For one blind second, all I heard was the thunder of my own body hitting glass, the sharp scrape of skates and the distant shout of someone calling my name. My helmet flew off, skidding across the ice like a useless piece of plastic while pain burst through my shoulder and down my ribs.
Three cracked ribs last month. Concussion before that. If Jaxon Kane wanted me gone, he would have to kill me.

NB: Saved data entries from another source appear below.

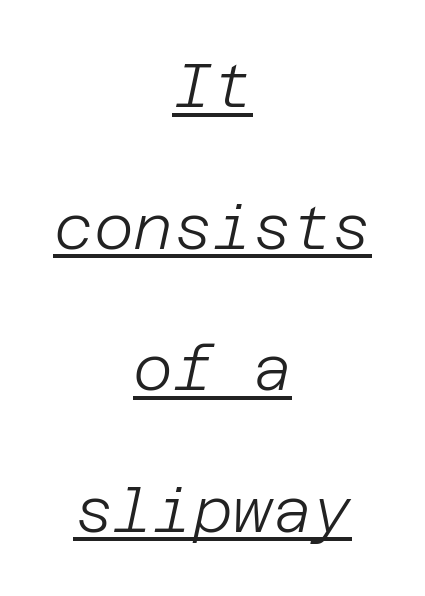
{"italic": "yes", "lean": "right", "slant_degrees": 12, "bold": "no", "weight": "light", "width": "normal", "stroke_contrast": "low", "x_height": "large", "underline": "yes", "align": "center", "line_spacing": "loose", "line_spacing_ratio": 2.32, "letter_spacing": "normal", "letter_spacing_em": 0.0, "glyph_px": 61}
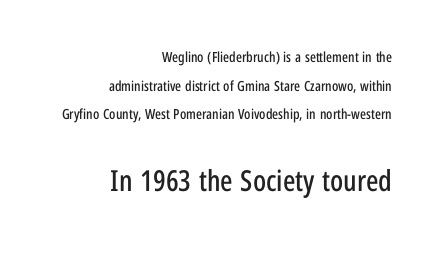
Here the second block reads like a headline and the first like body copy. Right-aligned paragraph, ragged on the left. Every character sits straight up, as roman type does. Airy leading.
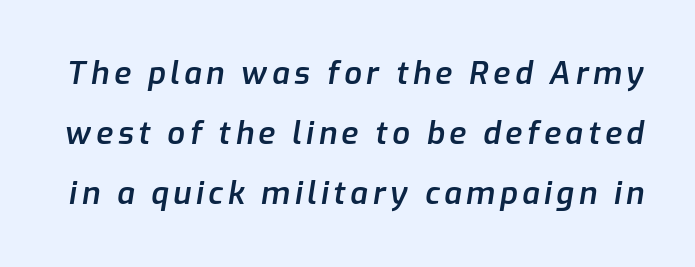
The image shows 31 px semibold type, italic (leaning right); set loose line spacing (1.93x), not underlined; low stroke contrast and a medium x-height.

I tasted blood and it was enough to make my tongue run over the inside of my lip and confirm that, yes, the great captain of the New York Titans had hit me hard enough to split skin during practice.
Practice.
Not a playoff game. Not a championship final. Not some desperate last-minute defensive move with the season on the line. Practice.
The whistle had not blown before I pushed myself up.
“Callahan,” Coach barked from somewhere near the bench.
I ignored him.
The ice tilted for half a second but I locked my knees and forced my body to remember who it belonged to. Pain was not new. Pain was practically stitched into the lining of my jersey. I had played through bruises, sprains, insults, headlines and the kind of silence that followed me into every locker room like a warning.
First woman to play for the Titans.
First woman to take the ice with men who smiled for diversity campaigns and then checked me like they were trying to erase the press release.
First woman stupid enough to believe talent would be enough.
I bent, picked up my helmet and shoved it back on.
Jaxon Kane coasted toward me with that calm, controlled arrogance that made people call him a natural leader and made me want to bury my stick in his perfect teeth.
He was six foot four inches of muscle, captaincy and bad attitude. Dark blond hair damp under his helmet. Icy blue eyes narrowed like I was a math problem he had solved two years ago and was tired of explaining to everyone else.
“You are getting slow,” he said.
I laughed humorlessly. “Funny. I was about to say the same thing about your reflexes. You hit me five seconds late.”
A few of the guys behind him snickered. Jaxon did not look away from me.
That was the thing about him. He never looked away first. Not during drills. Not during arguments. Not when he was tearing apart my form in front of everyone. He looked at me like if he stared hard enough, I would finally remember I did not belong here.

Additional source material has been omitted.